ACTIVITY. Check each line of the data, and copy those where "boxes" appears.

Dataset records.

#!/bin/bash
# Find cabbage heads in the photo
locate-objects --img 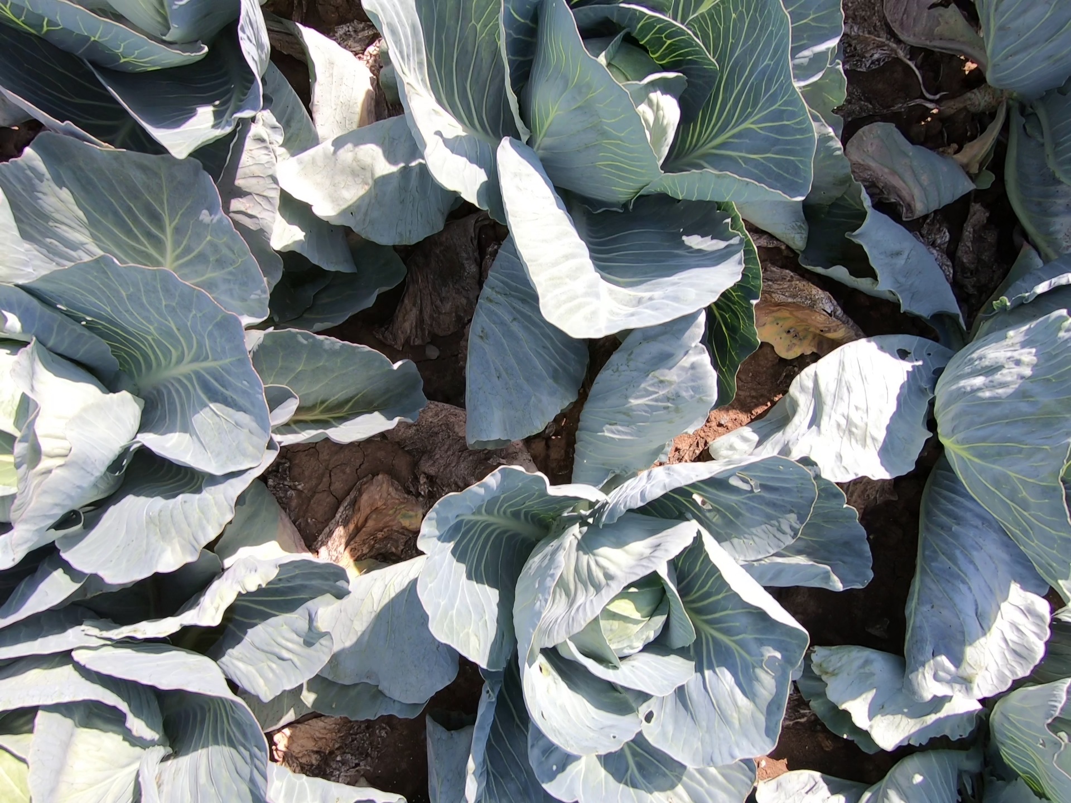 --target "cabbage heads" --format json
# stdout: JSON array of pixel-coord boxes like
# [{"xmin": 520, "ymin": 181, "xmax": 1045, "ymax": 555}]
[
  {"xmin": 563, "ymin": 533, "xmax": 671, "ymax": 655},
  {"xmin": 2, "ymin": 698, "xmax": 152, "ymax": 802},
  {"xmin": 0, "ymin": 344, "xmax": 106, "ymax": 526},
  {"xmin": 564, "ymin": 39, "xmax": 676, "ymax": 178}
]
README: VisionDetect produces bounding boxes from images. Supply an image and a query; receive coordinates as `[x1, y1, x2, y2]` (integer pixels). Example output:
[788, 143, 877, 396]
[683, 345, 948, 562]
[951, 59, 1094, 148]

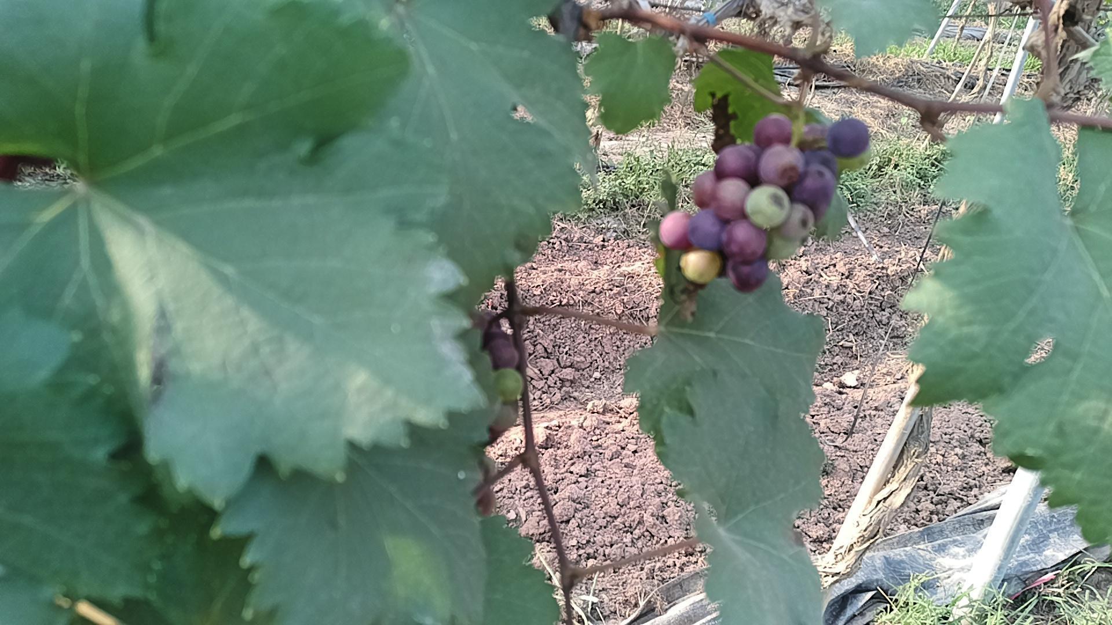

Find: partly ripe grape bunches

SOLUTION FOR THIS PROBLEM.
# stdout: JSON array of pixel-coord boxes like
README: VisionDetect produces bounding boxes from images. Supply an image and a query; receive coordinates as `[x1, y1, x2, y2]` (integer pixels). Example output:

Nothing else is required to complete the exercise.